Анна резко остановилась посреди комнаты, посмотрела на себя со стороны и почувствовала, как вновь возвращается к ней та железная одержимость. Погрузившись в воспоминания, она опять забыла или отодвинула в сторону… как бы назвать это? Домашние горести. Возможно, то были мелочи, легкие порезы, отдавленные мозоли по сравнению с политикой, и все же они добавлялись к общему бремени. Да, именно так: мелочи суммировались, и теперь пришлось иметь дело с итогом.
Вопреки своему обещанию утром мать ничего не рассказала Анне: ей было дурно, мучили сильные боли.
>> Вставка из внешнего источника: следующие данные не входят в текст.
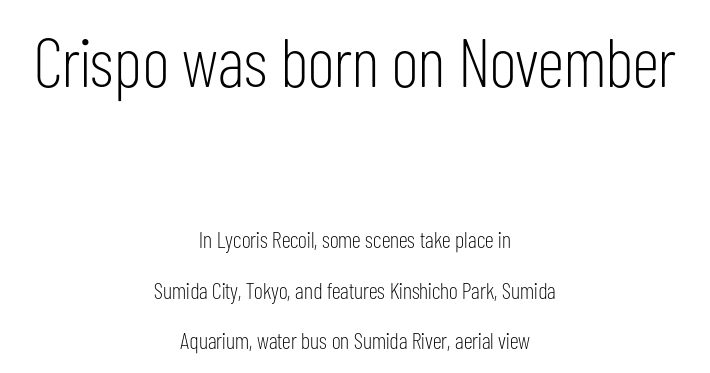
Q: Is the text bold? A: No.
Q: Is the text italic (slanted)? A: No, it is upright.
Q: Is the typeface a serif or a sans-serif typeface? A: Sans-serif.
Q: Is the text underlined? A: No.
Q: How is the paragraph aligned? A: Centered.
Q: Is the spacing between letters normal or unusually wide? A: Normal.
Q: Is the spacing between lines tight, normal or loose? A: Loose.
Q: Which block of text is set in a larger size, the first (top) or the second (bottom)? A: The first (top) one.
Q: Width (condensed, normal, or wide)? A: Condensed.
Q: Stroke contrast? A: Low.
Q: x-height? A: Medium.
Q: Monospaced? A: No.
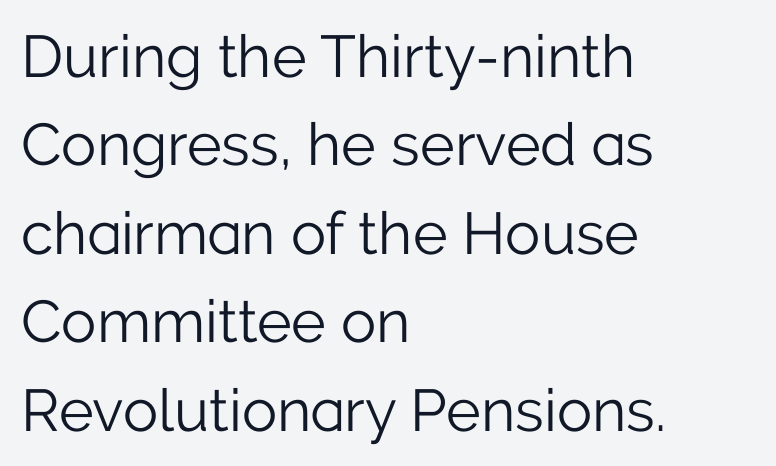
{"serif": "no", "italic": "no", "bold": "no", "weight": "light", "width": "normal", "stroke_contrast": "low", "x_height": "medium", "monospaced": "no", "underline": "no", "align": "left", "line_spacing": "normal", "line_spacing_ratio": 1.5, "letter_spacing": "normal", "letter_spacing_em": 0.0, "glyph_px": 59}

Анна сменила повязку, прикрывающую мертвенно-бледный послеоперационный шов. Пришлось дать матери таблетки, и она поплыла через медлительный, знойный день на облаке морфина. Так же точно прошел и следующий день. Анна вызвала врача. Тот осмотрел шов, заглянул в потускневшие глаза пациентки, попытался добиться от нее связных ответов, но в этом не преуспел и ушел, предупредив на прощание: если состояние не улучшится, придется перевести ее в больницу. Последние слова каким-то образом проникли в сознание больной женщины, и прежняя сила воли вернулась к ней. На третье утро она проспала допоздна, а проснувшись, отказалась от морфина.
Тем временем яркие солнечные денечки заволокло глухой серой пеленой. Вместо бодрящего тепла надвигающаяся гроза ощутимо давила снаружи на окна. Мать что-то поклевала за ланчем и пролистала газету. Анна перешла с чаем к ней в спальню, устроилось лицом к окну, закинув ноги на подоконник. Мать обливалась потом, обтирала лицо влажной тряпкой.
— Так бывало в Индии перед муссонами. Чем дольше задерживался сезон дождей, тем беспощадней палила жара. Все уезжали на север, в Кашмире были дома на воде, дома-лодочки. Но мы, миссионеры, не уезжали. Жуткая жара, — произнесла она почти свирепо.
— Как в Анголе.
— Это не место для таких женщин, как мы с тобой. На улицах Бомбея люди так и мерли. Просто падали, осыпались, как старая ветошь.
— А запах! — подхватила Анна.
— Не думаю, что я могла бы жить посреди этого неумолимого распада.
— Ты о чем?
— Не могла бы остаться в Индии.
— А ты бы хотела?
— Нет, — подумав, ответила мать, — нет, не хотела бы. Да и не могла.
— Почему? — настаивала Анна, почуяв, что главная тайна где-то близко.
Мать неподвижно смотрела на собственные ноги, укрытые одеялом.
— Подай-ка мне ту коробку с туалетного столика, — распорядилась она.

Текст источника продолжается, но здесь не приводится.